Ordinarily I don’t mind christening the on-board restroom on airplanes but for some reason I didn’t feel like traveling with a bloated bowel today, so I went into the restroom and forced the issue, with moderate success. Just then my cell phone rang. “Taxi,” arvin called from the living room as I flushed. The taxi had arrived in front of our building as timely as a train in switzerland.

A taxi is not a hired car, however, and one worries that a taxista might not wait too long for you, or that someone will creep out into the darkened morning and abscond with your taxi if you dally gathering your things. For that reason, there’s always a pang of hurry and worry the moment a taxi arrives. A rapid brushing of the teeth is followed by a final glance around the place and an acknowledgment that whatever’s been forgotten is now officially left behind. Then there follows the mandatory check of the zippered compartment of the bag to make sure, again, that the passports haven’t jumped out of their own volition. (Because you know it’s possible. As a homo-galactic, I recognize that paper is made from trees and trees are living creatures and therefore the paper on which our passports are printed, and the sand and chemicals upon which their RFID tracking chips are based, possess vibrations. So it’s quite possible that the passports vibrated their way out of the pocket while I was ‘making a deposit’. Possible. But highly unlikely.)

I rushed out of the bathroom, slipped into my shoes and did the cursory last checks. Arvin stood by the door in his slacks, sports coat and modern pointy shoes: “On y va?”

traveling light

traveling light

In the past few years since the advent of online check-in, doing so for international flights wasn’t an option.

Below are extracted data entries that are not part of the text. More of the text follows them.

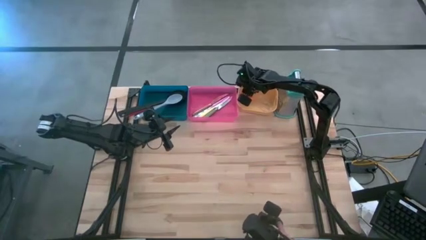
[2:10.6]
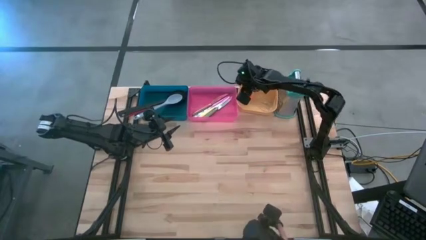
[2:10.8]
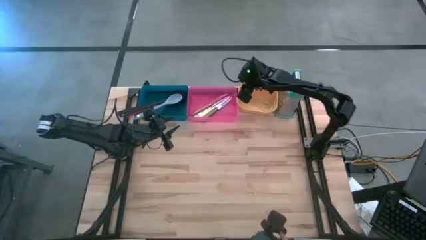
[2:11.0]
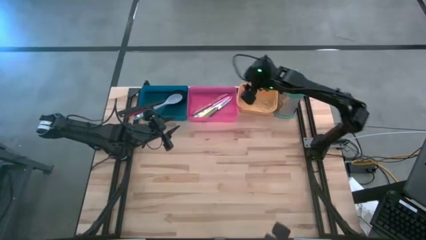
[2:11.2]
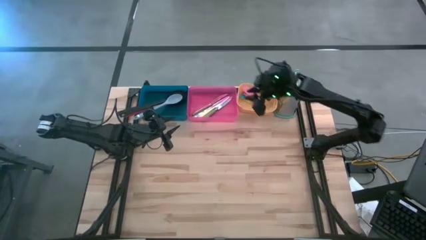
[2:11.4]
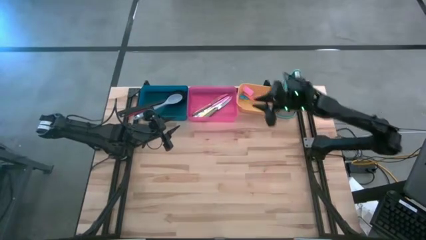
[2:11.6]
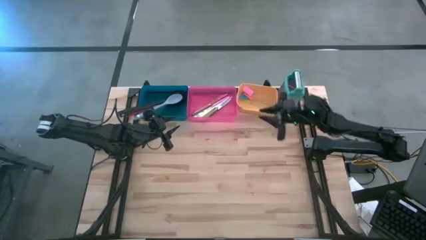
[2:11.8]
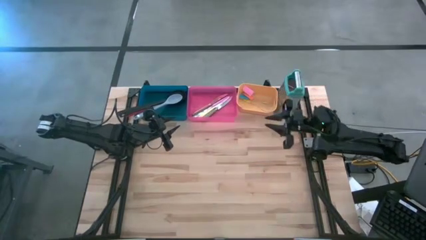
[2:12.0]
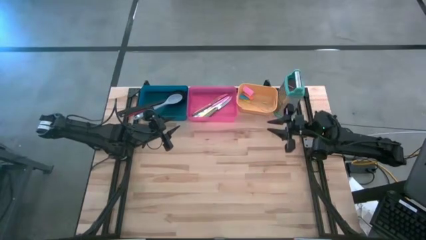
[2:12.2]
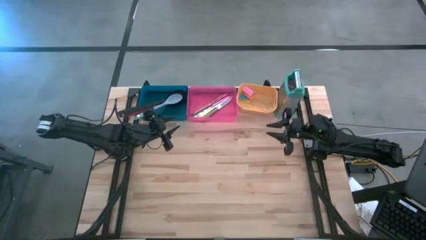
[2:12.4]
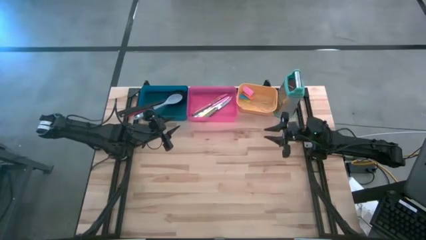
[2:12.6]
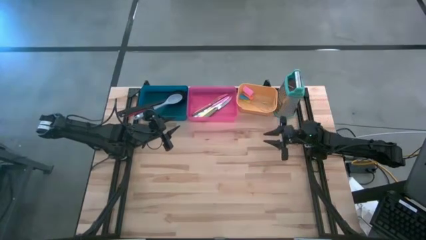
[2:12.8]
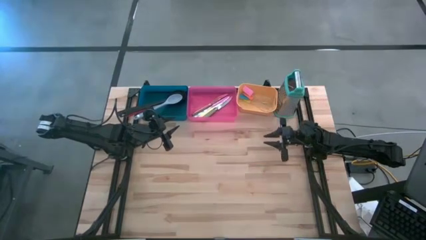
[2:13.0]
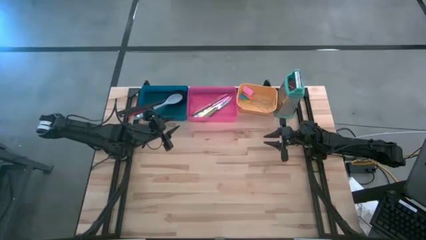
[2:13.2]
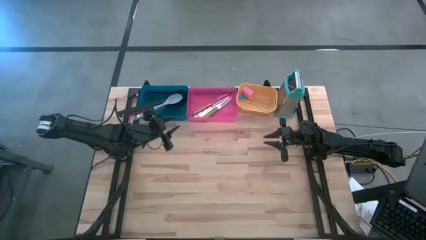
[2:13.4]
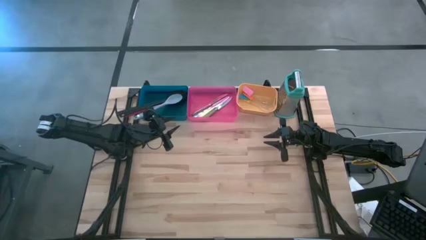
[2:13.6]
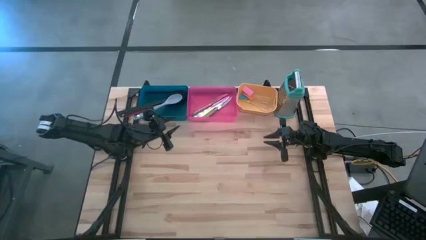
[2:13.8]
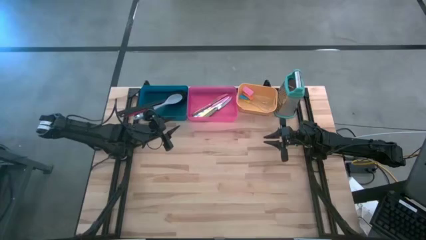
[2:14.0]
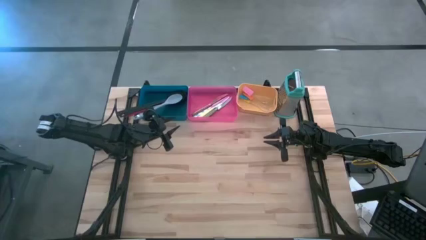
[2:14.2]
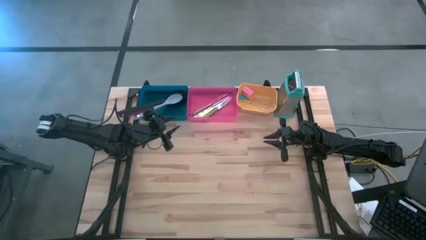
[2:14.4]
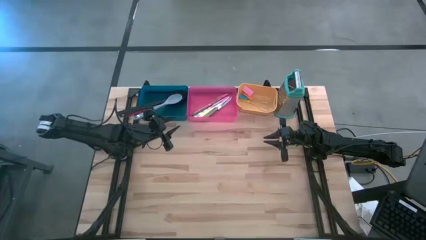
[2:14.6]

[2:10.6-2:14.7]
Task: Pick & Place Kitchen Items
Return to Home Position

At least it wasn’t a perk accessible to this mostly domestically voyaging iconoclast. It was with delight, then, that arvin and I arrived at SFO with our boarding passes, passports and carry-on baggage an hour and a half prior to departure without having to queue up for anything other than the obligatory security checkpoint. After clearing that uneventful hurdle, we spent an easy hour in the admirals’ club in brand new terminal 2 – luxury amid newness. If you haven’t been to an airport lounge, I can assure you these clubs offer a far more comfortable setting for sipping airport coffee than do the rows upon rows of black cattle chairs surrounding the departure gates. And the bathrooms, if today’s was any indication, are lovely: like those in a Sofitel. But they’re not for everyone. Oh no. They’re pleasant but they’re nothing to strive for in life. Save your money and spare yourself the anxiety. Better to struggle to put your children through college than to aspire to annual membership in one of these iffy country clubs. Trust me.

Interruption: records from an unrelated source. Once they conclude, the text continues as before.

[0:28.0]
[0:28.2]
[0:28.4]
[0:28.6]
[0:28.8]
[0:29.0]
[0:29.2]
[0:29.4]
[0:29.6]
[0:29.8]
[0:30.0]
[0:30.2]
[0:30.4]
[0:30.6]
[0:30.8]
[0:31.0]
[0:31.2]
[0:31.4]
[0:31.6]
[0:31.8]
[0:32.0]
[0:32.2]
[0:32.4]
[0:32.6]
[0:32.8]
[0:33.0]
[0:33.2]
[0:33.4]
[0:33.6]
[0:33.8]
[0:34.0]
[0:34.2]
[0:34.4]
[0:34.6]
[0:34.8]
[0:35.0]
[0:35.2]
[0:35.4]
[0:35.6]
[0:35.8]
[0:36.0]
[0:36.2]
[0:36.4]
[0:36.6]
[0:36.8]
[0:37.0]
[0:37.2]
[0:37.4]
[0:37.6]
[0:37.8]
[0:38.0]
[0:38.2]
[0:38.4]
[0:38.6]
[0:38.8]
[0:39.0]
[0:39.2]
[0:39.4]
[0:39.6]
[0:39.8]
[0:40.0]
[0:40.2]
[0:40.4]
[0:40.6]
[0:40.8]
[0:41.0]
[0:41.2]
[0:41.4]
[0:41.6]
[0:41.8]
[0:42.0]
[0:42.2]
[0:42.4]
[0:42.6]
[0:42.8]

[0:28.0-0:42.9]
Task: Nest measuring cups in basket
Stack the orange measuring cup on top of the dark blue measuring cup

Mind you, we don’t fly this way all the time. The only reason we had access to the lounge is because in February of this year I cashed in all of my mileage on american airlines and booked us two round-trips between san francisco and western europe. I had just enough miles to get us first class passage between sfo and jfk, with business-class accommodations across the pond. We’d been wanting to visit greece and rome ever since we met, and I since I was in college. Given that world economics are in shit for the unforseeable future and America’s 2012 political posturing more closely resembles a Fellini film than it does a democratic process in what is (used to be?) the world’s finest nation, we said ‘why the hell not’ of our decision to spend a coupling weeks paying 1.4 dollars to the euro.